Клод виновато опустила голову.
– Я и обманул.., немного. Жанна не хотела, чтобы я возвращался. Но сидеть в городе, когда она тут.., воюет… Лучше я буду где-нибудь рядом.., помогу по мере сил… Я могу перевязывать раны, или подносить стрелы. Это ведь тоже нужно, да?
Господин Экуй пожал плечами.
– Делай, как знаешь.
Сам он намеревался попроситься в какой-нибудь отряд, потому что был уверен – штурм Турели надолго не отложат – и ушёл от обоза, едва сражение было окончено.
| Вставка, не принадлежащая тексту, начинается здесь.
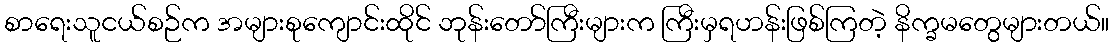
စာရေးသူငယ်စဉ်က အများစုကျောင်းထိုင် ဘုန်းတော်ကြီးများက ကြီးမှရဟန်းဖြစ်ကြတဲ့ နိက္ခမတွေများတယ်။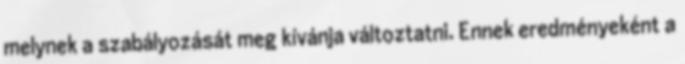
melynek a szabályozását meg kívánja változtatni. Ennek eredményeként a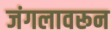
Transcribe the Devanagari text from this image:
जंगलावरून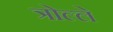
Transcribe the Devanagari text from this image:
त्रोल्ले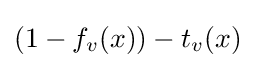
(1-f_{v}(x))-t_{v}(x)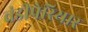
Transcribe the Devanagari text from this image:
वंडीपेरियार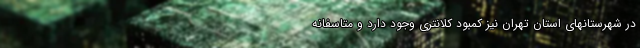
در شهرستانهای استان تهران نیز کمبود کلانتری وجود دارد و متاسفانه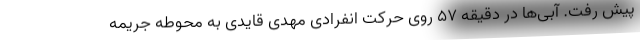
پیش رفت. آبی‌ها در دقیقه ۵۷ روی حرکت انفرادی مهدی قایدی به محوطه جریمه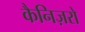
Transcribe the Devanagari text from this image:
कैनिज़रो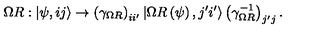
\Omega R : \left| \psi , i j \right> \rightarrow \left( \gamma _ { \Omega R } \right) _ { i i ^ { \prime } } \left| \Omega R \left( \psi \right) , j ^ { \prime } i ^ { \prime } \right> \left( \gamma _ { \Omega R } ^ { - 1 } \right) _ { j ^ { \prime } j } .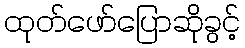
ထုတ်ဖော်ပြောဆိုခွင့်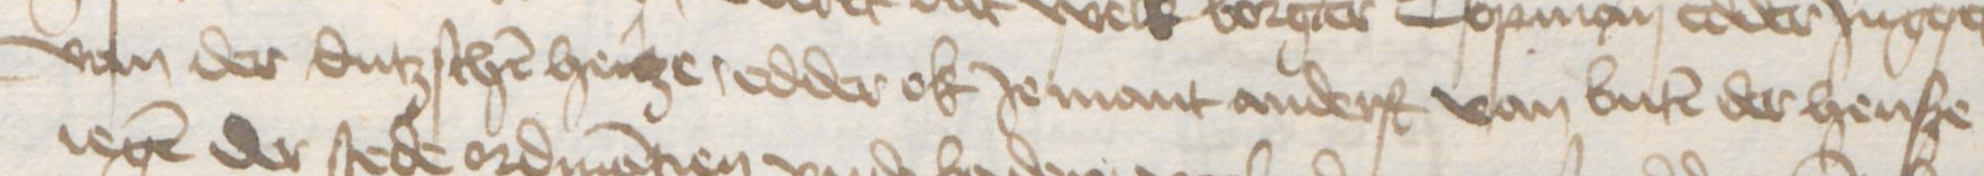
van der dutzschen henze, edder ok Jemant anderst van buten der hense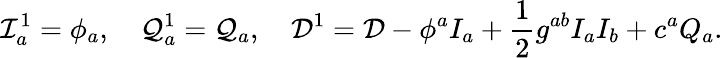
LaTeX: {\cal I}_{a}^{1}=\phi_{a},\quad{\cal Q}_{a}^{1}={\cal Q}_{a},\quad{\cal D}^{1}={\cal D}-\phi^{a}I_{a}+\frac{1}{2}g^{ab}I_{a}I_{b}+c^{a}Q_{a}.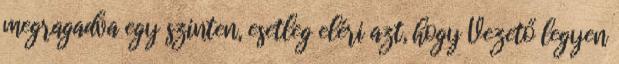
megragadva egy szinten, esetleg eléri azt, hogy Vezető legyen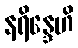
နရိန္ဒေဟိ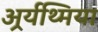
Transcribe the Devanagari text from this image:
अर्र्यथ्मिया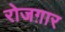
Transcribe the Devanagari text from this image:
रोजग़ार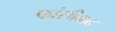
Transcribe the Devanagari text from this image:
फांसीवाद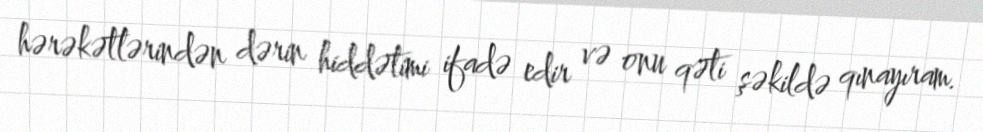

Однако, глубокой ночью снова вернулся, страшно злой, и, расстелив свой плащ, улёгся на него, ни с кем не разговаривая и ни на кого не глядя.
– Не взяли, ясное дело, – сказал какой-то ополченец, тоже раненный в руку и недавно прибывший к обозу для смены солдат сопровождения.
Те давно ушли к своим отрядам, продовольствие и запасное снаряжение оставив легко раненным горожанам, которые до темноты занимались его разгрузкой и раздачей. Все они тихо шептались о завтрашнем дне, нисколько не сомневаясь, что Дева поведёт войска на штурм Турели, и все считали, что это правильно, потому что не победить она не может.
Возбуждение от побед и надежды на новую – такую желанную, что невыносимо было даже думать о ней, потому что радость не помещалась в груди – мешали спать. А когда небо на востоке посерело и от палатки Жанны к спящему войску пошли, едва различимые в сумраке священники, стало и вовсе не до сна. Обозный лагерь зашевелился, завозился, гася костры, и потянулся к просыпающемуся войску, чтобы вместе отстоять мессу.
– Пойдёмте и мы, господин Гийом, – потолкала нового знакомого Клод.
Тот сел, потёр раненную руку и хмуро глянул на занимающийся рассвет.
– Никогда не бывал в сражениях… В Орлеан пришёл ради Девы, потому что верил и верю… Хотел быть полезным… А сам когда-то даже волосы толком стричь не научился…
Клод посмотрела удивлённо. Экуй говорил так, словно продолжал какой-то разговор, который вел внутри себя всю эту ночь, когда лежал, отвернувшись ото всех.
– Но вы же были ранены, – робко вставила она.
– Ну да… В городе. Ржавым гвоздём, когда помогал перетаскивать бомбарду с одной позиции на другую. Распорол руку до локтя.., потом загноилось. Достойное ранение, ничего не скажешь! Меня тогда господин какой-то высмеял – я своей крови сильно испугался. А вчера, когда пошёл в отряд проситься, как раз, на него и налетел. Оказалось – войсковой капитан, господин де Сарнэ… Он меня вспомнил. И велел на пушечный выстрел не подпускать… Сказал, таким место у обоза. Вот и вся помощь…
Экуй, в отчаянии, опустил голову на руки. А когда Клод присела рядом, отвернулся.
– Меня тоже отослали в город, чтобы не мешался, – ласково дотронулась до его руки девушка. – А помочь и мне хочется.
– Тебя в сражение я бы сам не пустил, – буркнул Экуй. – Но мне своё право на будущую жизнь отвоевать нужно. Иначе никак! На мне грех тяжёлый – я свою прежнюю веру предал, а к новой пришёл трудно, не всегда достойно… Мне очиститься надо… Кровью.
Клод покачала головой.
– Кровью себя только пятнают.
– Не всегда. Если я это чистилище пройду, сам себя прощу и от стыда избавлюсь.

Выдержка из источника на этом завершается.